Your answer must consist only of the lines from the start of the entries through the line that holds "1. Reinschrift des", copied exactly, with no pictures.

(Items from a data source)
#####

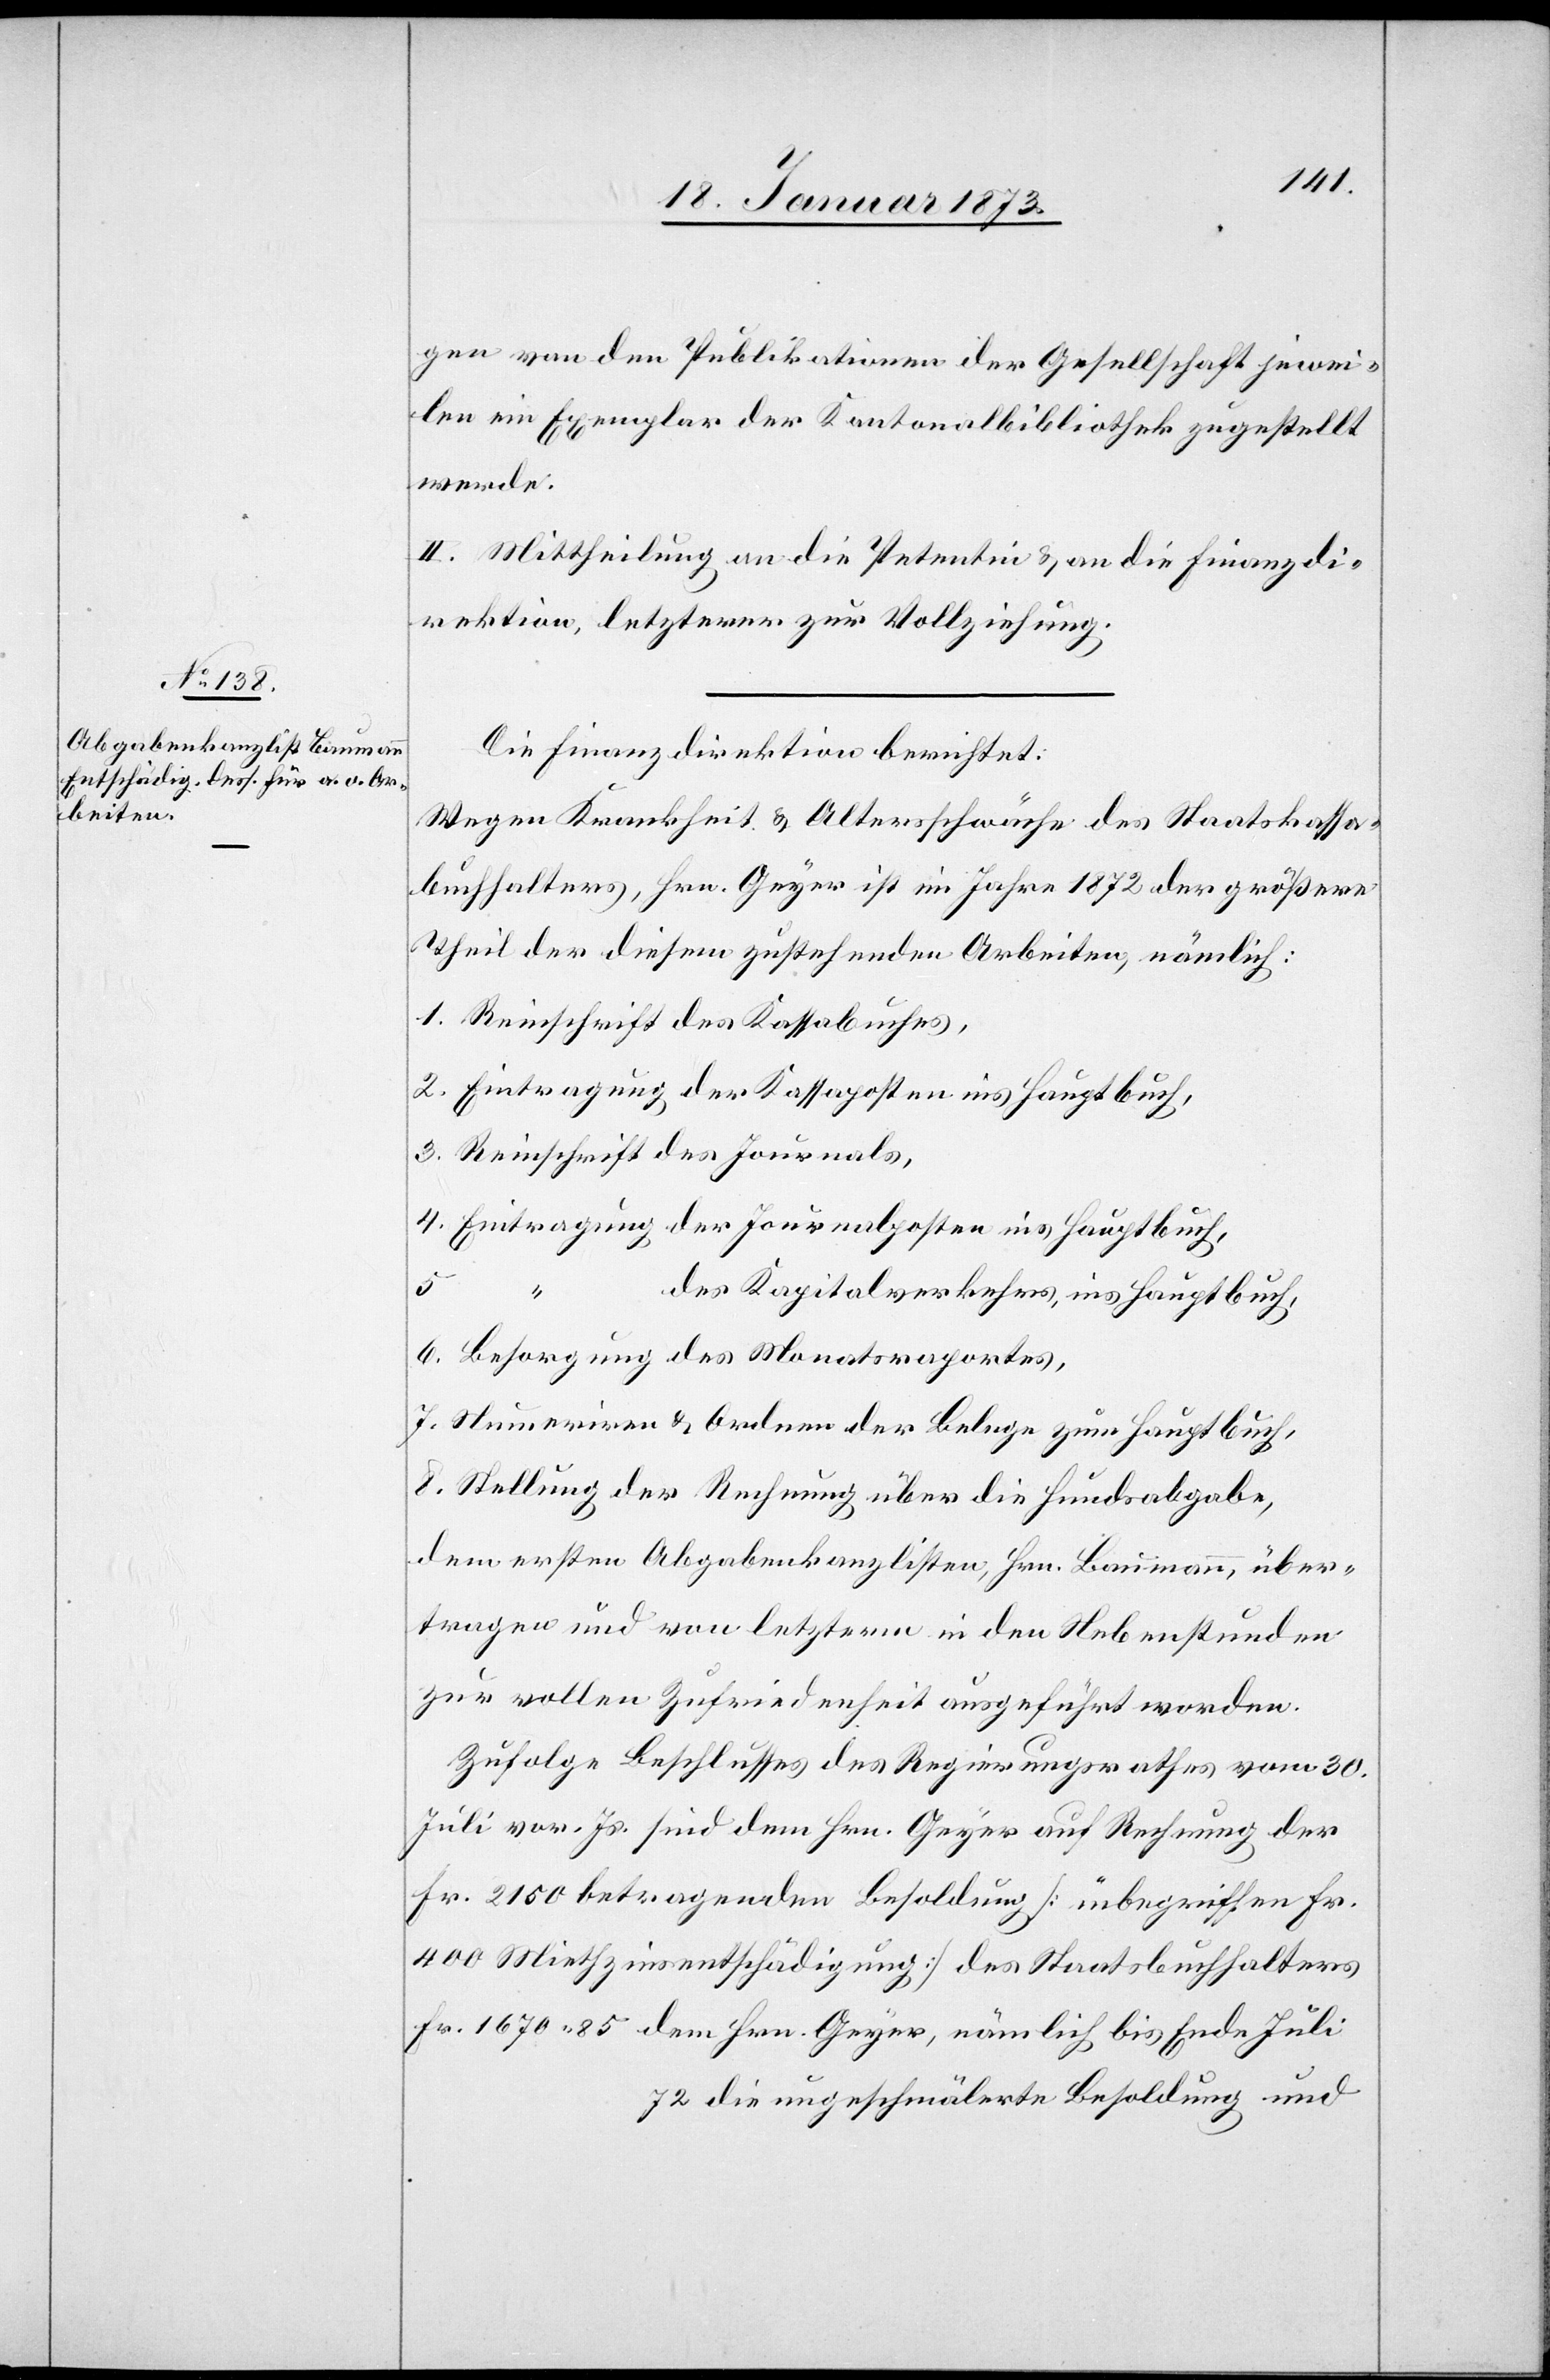
gen von den Publikationen der Gesellschaft jewei¬
len ein Exemplar der Kantonalbibliothek zugestellt
werde.
II. Mittheilung an die Petentin u. an die Finanzdi¬
rektion, letzterer zur Vollziehung.
Die Finanzdirektion berichtet:
Wegen Krankheit u. Altersschwäche des Staatskassa¬
buchhalters, Hrn. Geyer ist im Jahre 1872 der größere
Theil der diesem zustehenden Arbeiten, nämlich:
1. Reinschrift des Kassabuches,
2. Eintragung der Kassaposten ins Hauptbuch,
3. Reinschrift des Journals,
4. Eintragung der Journalposten ins Hauptbuch,
5.
“
des Kapitalverkehrs ins Hauptbuch,
6. Besorgung des Monatsraportes,
7. Numeriren u. Ordnen der Belege zum Hauptbuch,
8. Stellung der Rechnung über die Hundsabgabe,
dem ersten Abgabenkanzlisten, Hrn. Baumann, über¬
tragen und von letzterm in den Nebenstunden
zur vollen Zufriedenheit aufgeführt worden.
Zufolge Beschlusses des Regierungsrathes vom 30.
Juli vor. Js. sind dem Hrn. Geyer auf Rechnung der
Fr. 2150 betragenden Besoldung [inbegriffen Fr.
400 Miethzinsentschädigung] des Staatsbuchhalters
Fr. 1670. 85 dem Hrn. Geyer, nämlich bis Ende Juli
72 die ungeschmälerte Besoldung und

#####

WORKED SOLUTION |
gen von den Publikationen der Gesellschaft jewei¬
len ein Exemplar der Kantonalbibliothek zugestellt
werde.
II. Mittheilung an die Petentin u. an die Finanzdi¬
rektion, letzterer zur Vollziehung.
Die Finanzdirektion berichtet:
Wegen Krankheit u. Altersschwäche des Staatskassa¬
buchhalters, Hrn. Geyer ist im Jahre 1872 der größere
Theil der diesem zustehenden Arbeiten, nämlich:
1. Reinschrift des Kassabuches,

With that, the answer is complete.